Data excerpts
= = = = = = =

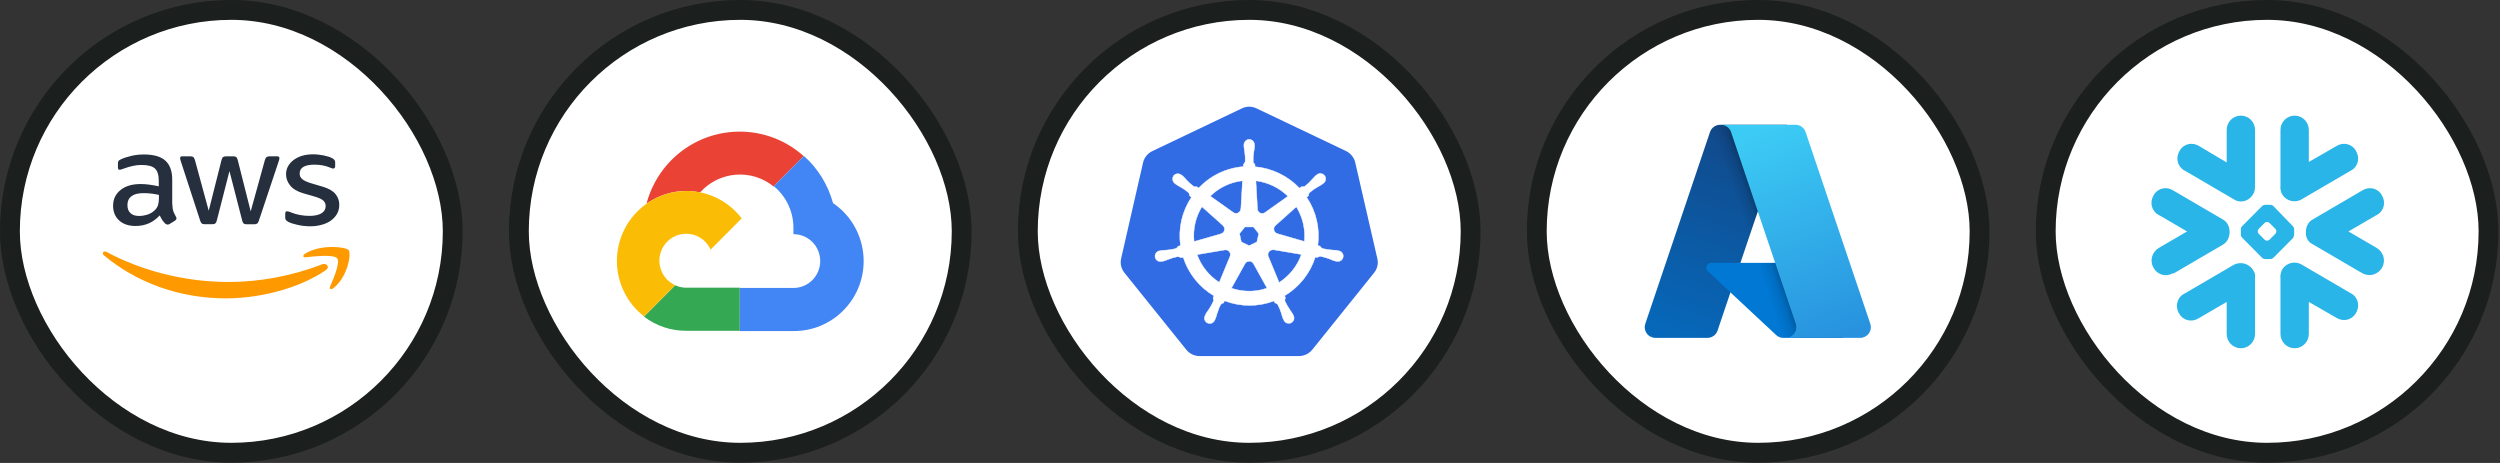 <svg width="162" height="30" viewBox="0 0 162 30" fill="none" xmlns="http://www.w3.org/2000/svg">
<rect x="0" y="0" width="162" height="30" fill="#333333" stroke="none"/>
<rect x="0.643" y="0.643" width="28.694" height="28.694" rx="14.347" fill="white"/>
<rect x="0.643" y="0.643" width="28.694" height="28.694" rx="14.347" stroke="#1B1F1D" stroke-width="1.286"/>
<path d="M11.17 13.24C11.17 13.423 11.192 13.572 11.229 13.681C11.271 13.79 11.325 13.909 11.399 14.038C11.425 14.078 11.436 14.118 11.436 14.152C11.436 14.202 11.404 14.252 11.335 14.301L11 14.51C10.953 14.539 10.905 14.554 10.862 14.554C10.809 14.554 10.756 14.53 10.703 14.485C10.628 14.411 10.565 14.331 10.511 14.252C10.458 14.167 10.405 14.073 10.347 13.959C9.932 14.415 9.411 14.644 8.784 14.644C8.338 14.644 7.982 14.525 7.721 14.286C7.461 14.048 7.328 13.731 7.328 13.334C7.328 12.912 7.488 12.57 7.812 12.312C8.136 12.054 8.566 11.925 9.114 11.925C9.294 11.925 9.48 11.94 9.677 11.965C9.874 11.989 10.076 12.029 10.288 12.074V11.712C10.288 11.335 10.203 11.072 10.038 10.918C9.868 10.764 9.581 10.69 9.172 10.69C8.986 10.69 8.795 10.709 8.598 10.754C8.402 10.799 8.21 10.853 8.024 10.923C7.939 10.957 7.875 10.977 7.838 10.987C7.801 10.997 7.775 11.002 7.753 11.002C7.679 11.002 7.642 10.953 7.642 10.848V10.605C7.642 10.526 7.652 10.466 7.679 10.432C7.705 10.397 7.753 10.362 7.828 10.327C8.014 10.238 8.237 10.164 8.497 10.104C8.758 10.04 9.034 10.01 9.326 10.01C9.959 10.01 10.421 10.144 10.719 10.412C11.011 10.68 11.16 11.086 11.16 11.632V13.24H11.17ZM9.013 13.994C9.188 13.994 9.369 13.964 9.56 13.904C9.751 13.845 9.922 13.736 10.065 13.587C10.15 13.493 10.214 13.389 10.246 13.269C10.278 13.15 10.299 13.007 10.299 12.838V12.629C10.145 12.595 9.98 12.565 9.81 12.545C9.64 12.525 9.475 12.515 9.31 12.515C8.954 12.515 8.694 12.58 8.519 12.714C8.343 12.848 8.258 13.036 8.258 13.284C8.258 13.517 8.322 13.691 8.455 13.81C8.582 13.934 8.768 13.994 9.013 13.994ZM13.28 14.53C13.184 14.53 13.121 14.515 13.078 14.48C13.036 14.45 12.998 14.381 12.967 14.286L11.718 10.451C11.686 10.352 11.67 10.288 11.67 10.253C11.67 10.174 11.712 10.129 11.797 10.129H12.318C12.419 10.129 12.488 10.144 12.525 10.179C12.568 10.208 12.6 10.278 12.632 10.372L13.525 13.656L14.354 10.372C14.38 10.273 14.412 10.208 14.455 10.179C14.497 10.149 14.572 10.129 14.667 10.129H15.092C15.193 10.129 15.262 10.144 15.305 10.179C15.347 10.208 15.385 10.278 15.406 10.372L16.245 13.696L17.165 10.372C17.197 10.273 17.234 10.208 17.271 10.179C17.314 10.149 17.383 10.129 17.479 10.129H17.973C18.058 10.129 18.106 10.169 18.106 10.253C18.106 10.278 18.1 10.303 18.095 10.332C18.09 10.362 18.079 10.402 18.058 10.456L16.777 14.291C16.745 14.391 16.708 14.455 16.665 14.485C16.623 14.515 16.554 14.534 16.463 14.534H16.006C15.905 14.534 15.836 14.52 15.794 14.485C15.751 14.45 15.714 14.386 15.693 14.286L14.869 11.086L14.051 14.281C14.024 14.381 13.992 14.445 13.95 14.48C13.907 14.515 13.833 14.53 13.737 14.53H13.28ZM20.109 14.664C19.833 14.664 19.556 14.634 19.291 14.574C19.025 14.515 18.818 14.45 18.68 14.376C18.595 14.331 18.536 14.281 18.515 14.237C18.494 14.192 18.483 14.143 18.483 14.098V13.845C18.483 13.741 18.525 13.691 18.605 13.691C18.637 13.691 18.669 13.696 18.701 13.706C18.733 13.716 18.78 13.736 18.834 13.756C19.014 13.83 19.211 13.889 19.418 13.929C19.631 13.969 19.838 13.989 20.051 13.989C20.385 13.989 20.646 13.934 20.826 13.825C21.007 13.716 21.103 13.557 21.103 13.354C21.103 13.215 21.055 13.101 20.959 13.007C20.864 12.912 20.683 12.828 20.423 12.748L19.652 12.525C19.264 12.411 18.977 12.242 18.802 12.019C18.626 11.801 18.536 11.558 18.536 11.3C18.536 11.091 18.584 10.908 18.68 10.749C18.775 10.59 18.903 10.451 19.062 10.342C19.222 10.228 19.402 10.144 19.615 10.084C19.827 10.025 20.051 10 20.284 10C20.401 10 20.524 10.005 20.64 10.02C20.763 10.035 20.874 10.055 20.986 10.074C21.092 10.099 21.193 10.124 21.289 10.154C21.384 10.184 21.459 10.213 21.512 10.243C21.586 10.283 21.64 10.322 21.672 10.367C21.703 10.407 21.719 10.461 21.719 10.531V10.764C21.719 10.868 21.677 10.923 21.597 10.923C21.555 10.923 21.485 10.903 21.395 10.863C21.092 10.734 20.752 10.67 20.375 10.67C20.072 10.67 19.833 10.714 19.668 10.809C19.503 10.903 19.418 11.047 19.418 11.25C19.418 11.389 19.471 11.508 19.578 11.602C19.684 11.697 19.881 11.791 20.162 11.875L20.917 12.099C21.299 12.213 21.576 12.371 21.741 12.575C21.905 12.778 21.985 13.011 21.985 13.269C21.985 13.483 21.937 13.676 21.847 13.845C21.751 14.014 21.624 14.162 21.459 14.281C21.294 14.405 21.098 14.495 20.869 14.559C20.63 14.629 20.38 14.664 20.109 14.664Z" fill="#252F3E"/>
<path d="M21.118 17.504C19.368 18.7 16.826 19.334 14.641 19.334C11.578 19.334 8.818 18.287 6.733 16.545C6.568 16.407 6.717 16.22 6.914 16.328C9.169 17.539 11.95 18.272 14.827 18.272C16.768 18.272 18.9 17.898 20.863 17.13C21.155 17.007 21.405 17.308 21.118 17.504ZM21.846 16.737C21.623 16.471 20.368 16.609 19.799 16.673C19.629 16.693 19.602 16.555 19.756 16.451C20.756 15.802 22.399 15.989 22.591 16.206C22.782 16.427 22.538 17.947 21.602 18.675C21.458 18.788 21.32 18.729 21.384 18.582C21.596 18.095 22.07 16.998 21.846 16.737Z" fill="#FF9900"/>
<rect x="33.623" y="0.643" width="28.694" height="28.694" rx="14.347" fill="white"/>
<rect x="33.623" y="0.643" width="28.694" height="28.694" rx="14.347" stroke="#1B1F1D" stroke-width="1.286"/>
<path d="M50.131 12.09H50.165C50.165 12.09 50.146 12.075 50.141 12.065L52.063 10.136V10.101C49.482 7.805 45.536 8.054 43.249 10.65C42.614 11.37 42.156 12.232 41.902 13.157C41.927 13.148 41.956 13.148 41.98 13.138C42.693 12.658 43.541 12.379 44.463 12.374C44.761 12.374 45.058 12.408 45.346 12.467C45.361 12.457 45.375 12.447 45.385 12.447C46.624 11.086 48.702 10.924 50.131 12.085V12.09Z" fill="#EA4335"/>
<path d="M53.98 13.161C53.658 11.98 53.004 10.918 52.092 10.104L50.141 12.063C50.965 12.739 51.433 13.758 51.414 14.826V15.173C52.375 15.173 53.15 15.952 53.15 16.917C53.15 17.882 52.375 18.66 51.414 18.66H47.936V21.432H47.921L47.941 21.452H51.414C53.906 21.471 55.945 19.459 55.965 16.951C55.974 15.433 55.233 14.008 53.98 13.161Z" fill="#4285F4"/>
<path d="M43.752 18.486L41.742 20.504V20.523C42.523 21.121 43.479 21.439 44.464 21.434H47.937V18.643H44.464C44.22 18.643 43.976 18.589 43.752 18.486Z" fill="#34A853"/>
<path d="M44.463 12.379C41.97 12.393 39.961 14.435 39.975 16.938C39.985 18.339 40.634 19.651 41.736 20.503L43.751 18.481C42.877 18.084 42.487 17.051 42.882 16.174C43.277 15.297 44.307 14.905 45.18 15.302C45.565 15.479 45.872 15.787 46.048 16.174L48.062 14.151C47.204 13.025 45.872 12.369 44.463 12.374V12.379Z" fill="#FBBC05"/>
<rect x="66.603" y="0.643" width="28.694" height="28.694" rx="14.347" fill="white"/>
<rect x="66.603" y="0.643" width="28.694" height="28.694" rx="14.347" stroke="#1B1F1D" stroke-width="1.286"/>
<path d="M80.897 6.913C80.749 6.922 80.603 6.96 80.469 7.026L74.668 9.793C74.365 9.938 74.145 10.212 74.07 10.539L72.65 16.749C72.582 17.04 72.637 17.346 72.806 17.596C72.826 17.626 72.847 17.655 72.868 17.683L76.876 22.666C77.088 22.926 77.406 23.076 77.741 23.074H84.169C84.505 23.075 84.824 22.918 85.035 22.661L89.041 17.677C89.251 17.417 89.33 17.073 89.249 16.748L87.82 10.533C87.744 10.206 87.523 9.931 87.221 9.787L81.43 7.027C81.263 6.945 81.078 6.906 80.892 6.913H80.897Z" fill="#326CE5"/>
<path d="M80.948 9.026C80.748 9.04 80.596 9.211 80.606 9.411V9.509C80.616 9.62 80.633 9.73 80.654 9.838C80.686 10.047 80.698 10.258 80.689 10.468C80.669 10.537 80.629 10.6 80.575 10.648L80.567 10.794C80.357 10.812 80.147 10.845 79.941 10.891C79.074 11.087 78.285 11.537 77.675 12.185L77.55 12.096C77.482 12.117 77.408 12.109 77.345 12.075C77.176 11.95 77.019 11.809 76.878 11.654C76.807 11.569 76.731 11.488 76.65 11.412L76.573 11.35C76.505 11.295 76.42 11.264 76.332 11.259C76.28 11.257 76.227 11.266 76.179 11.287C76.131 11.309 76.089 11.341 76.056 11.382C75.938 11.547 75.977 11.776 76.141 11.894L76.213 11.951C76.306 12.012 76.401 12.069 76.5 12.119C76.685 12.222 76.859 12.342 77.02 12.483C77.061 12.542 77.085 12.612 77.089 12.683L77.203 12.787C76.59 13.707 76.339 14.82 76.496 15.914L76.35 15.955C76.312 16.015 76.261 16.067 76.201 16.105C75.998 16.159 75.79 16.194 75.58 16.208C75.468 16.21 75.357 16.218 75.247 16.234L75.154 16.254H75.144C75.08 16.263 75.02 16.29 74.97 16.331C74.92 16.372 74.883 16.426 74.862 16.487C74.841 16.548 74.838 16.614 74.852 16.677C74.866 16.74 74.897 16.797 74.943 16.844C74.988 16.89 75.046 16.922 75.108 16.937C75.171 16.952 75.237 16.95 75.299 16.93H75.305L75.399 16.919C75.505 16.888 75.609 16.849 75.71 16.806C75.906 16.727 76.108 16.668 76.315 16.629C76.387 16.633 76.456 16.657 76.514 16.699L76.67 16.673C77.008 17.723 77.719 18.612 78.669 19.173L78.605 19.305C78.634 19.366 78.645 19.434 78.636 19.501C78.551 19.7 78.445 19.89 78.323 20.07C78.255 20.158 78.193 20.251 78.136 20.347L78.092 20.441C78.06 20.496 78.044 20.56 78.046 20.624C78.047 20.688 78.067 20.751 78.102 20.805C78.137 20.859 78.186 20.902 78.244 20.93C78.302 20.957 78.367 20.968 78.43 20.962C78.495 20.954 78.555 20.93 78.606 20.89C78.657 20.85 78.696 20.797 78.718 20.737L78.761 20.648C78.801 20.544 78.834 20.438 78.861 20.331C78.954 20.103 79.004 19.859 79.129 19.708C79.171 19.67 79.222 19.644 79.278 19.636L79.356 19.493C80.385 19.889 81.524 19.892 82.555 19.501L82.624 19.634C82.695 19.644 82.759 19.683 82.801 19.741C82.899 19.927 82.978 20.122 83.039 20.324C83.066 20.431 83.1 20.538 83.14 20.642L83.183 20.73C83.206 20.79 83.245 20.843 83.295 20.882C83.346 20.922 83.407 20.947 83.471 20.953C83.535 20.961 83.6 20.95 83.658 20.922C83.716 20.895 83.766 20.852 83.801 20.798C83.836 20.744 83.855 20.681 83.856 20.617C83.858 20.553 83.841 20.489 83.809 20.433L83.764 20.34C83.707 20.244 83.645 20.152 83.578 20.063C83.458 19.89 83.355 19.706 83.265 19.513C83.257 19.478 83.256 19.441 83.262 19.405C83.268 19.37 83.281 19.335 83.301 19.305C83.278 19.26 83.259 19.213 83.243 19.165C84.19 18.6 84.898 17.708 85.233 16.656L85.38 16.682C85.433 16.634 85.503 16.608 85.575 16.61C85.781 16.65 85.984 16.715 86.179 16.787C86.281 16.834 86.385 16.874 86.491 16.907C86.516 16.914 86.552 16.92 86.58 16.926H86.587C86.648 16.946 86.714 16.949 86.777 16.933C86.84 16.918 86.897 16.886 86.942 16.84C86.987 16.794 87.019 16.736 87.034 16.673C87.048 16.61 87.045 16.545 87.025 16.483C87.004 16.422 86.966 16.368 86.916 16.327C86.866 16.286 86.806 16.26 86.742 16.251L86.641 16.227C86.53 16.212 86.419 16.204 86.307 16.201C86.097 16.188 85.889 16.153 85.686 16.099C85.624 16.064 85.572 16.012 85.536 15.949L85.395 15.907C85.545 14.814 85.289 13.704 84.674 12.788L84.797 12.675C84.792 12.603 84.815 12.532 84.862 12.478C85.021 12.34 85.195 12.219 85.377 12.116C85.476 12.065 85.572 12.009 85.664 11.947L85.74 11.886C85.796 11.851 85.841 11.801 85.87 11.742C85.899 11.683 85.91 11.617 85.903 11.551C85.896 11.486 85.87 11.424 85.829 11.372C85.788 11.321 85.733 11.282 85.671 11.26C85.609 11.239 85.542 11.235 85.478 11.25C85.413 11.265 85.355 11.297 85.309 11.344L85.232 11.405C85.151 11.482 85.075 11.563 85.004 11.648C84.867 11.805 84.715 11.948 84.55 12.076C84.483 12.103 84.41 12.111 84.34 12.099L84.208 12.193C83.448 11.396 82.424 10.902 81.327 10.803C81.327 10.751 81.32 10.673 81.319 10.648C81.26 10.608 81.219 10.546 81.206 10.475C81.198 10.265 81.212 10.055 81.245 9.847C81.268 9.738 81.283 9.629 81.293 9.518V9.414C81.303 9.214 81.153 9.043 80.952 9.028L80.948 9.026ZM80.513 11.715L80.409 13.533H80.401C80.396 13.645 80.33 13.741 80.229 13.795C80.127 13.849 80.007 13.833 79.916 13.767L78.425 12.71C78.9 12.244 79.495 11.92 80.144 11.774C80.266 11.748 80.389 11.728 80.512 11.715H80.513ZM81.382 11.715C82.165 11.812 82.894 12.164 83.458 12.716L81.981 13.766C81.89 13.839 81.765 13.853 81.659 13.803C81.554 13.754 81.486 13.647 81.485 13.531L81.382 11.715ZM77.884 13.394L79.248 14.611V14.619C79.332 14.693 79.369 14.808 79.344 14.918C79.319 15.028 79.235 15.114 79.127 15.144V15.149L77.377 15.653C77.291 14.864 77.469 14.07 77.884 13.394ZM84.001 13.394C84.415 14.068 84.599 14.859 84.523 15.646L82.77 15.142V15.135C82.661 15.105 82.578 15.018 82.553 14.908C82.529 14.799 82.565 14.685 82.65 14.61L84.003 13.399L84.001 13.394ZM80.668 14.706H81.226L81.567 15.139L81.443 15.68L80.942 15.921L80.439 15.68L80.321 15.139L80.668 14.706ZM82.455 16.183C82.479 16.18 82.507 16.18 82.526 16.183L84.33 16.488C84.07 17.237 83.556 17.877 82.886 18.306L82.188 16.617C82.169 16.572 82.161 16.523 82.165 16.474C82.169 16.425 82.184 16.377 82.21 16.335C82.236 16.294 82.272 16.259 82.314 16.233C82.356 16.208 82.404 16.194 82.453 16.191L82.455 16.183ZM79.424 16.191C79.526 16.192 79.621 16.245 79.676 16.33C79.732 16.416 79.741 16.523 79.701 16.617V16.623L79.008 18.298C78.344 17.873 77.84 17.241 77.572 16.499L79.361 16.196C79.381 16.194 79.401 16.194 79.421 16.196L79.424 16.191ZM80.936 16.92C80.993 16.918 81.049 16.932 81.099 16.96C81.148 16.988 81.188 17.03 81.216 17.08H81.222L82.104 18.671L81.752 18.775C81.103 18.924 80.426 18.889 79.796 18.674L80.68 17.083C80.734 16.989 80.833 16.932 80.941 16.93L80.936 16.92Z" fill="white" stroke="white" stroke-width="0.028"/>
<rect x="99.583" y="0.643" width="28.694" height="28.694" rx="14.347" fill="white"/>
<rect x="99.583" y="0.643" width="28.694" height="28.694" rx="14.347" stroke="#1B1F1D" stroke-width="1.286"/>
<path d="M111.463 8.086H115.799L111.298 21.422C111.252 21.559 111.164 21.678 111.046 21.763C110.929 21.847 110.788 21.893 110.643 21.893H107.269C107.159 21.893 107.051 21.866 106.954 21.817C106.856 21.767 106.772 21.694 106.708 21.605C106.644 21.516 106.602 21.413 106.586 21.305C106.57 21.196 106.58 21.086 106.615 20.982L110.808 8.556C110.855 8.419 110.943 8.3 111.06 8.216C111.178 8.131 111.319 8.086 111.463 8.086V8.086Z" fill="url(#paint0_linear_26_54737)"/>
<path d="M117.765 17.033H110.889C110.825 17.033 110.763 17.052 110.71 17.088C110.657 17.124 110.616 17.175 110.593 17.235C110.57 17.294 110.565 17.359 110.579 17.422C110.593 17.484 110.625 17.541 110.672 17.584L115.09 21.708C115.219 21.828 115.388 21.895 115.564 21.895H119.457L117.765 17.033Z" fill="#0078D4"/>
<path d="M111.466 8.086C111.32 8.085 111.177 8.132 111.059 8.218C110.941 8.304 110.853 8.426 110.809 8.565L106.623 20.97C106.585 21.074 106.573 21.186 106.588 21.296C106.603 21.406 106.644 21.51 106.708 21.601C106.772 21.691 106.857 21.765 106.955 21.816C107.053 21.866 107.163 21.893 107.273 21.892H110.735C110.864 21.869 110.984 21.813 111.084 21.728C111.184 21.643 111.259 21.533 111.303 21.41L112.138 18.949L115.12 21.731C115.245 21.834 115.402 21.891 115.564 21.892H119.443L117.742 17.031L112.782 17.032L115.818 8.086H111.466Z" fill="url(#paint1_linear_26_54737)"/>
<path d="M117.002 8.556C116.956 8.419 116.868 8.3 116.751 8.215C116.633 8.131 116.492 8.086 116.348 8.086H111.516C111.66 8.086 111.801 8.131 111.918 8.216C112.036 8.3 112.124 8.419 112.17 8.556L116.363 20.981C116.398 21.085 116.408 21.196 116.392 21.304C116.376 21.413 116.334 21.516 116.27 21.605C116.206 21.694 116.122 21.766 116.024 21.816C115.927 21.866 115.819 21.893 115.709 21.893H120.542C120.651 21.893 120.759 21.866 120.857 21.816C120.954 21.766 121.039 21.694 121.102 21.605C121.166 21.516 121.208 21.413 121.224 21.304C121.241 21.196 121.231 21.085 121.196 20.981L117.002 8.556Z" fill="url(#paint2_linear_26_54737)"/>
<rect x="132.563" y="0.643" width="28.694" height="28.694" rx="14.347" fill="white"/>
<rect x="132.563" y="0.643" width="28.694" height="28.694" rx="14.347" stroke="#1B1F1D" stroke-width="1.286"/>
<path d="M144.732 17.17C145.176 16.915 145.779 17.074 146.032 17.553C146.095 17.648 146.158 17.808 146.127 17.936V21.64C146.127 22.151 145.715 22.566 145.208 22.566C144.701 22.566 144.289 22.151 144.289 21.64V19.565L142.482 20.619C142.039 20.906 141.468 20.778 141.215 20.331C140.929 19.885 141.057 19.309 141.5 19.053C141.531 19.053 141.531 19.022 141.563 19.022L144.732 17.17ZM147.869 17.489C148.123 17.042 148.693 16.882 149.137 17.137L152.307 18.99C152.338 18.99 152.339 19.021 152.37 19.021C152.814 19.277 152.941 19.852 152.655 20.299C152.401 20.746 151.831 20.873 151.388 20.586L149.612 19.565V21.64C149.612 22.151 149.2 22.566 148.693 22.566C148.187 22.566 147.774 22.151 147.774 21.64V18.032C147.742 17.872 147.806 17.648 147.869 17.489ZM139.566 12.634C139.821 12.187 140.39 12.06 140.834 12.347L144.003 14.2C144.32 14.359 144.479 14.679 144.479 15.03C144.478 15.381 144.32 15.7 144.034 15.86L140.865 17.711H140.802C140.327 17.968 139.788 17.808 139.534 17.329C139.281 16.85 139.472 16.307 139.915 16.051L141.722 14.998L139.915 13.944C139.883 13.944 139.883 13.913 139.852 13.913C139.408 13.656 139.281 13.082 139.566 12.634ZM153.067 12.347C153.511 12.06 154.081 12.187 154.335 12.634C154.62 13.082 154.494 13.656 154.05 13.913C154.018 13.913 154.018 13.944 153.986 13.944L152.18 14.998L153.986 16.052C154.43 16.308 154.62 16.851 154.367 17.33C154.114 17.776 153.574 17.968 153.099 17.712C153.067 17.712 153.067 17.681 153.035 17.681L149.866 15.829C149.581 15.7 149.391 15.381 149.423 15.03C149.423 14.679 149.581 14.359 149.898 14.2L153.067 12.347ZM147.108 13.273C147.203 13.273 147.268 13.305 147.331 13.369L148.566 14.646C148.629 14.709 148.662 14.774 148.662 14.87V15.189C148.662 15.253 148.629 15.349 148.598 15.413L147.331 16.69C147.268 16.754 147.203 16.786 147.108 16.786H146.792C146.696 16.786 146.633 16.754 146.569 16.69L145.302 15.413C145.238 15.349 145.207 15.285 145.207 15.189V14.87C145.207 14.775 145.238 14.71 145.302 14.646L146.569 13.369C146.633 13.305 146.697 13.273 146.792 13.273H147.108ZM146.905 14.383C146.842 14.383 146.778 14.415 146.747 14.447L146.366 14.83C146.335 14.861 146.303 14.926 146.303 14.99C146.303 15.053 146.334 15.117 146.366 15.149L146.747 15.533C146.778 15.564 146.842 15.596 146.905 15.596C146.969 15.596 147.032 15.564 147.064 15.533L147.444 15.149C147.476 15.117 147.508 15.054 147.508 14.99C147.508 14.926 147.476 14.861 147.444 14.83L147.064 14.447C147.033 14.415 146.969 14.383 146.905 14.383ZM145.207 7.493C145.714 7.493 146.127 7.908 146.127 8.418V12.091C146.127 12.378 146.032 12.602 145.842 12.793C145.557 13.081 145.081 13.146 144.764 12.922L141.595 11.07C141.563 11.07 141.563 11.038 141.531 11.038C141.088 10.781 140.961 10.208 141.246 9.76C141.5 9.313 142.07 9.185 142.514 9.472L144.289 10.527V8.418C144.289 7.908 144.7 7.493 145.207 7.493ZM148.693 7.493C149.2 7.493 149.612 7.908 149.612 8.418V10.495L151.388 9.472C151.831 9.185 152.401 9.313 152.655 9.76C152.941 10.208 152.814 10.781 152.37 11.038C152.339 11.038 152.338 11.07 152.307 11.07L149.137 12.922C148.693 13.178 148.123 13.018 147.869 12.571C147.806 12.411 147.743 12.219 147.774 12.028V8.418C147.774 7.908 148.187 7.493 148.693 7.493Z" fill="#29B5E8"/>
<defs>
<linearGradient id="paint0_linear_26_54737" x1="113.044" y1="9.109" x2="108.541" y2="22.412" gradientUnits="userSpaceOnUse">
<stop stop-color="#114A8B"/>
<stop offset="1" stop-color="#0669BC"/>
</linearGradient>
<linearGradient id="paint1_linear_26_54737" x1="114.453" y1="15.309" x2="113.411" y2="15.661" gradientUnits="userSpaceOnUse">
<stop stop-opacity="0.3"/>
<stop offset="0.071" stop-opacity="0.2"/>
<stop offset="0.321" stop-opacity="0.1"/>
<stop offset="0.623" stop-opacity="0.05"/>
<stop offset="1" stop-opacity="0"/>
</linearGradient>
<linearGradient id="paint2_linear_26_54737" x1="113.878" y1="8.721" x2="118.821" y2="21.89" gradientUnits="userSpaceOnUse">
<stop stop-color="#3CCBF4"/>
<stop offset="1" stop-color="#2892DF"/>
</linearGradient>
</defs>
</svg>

= = = = = = =

TASK ITEM
In which lines of the records does the word "stop" appear? Copy each of them.

TASK ANSWER
<stop stop-color="#114A8B"/>
<stop offset="1" stop-color="#0669BC"/>
<stop stop-opacity="0.3"/>
<stop offset="0.071" stop-opacity="0.2"/>
<stop offset="0.321" stop-opacity="0.1"/>
<stop offset="0.623" stop-opacity="0.05"/>
<stop offset="1" stop-opacity="0"/>
<stop stop-color="#3CCBF4"/>
<stop offset="1" stop-color="#2892DF"/>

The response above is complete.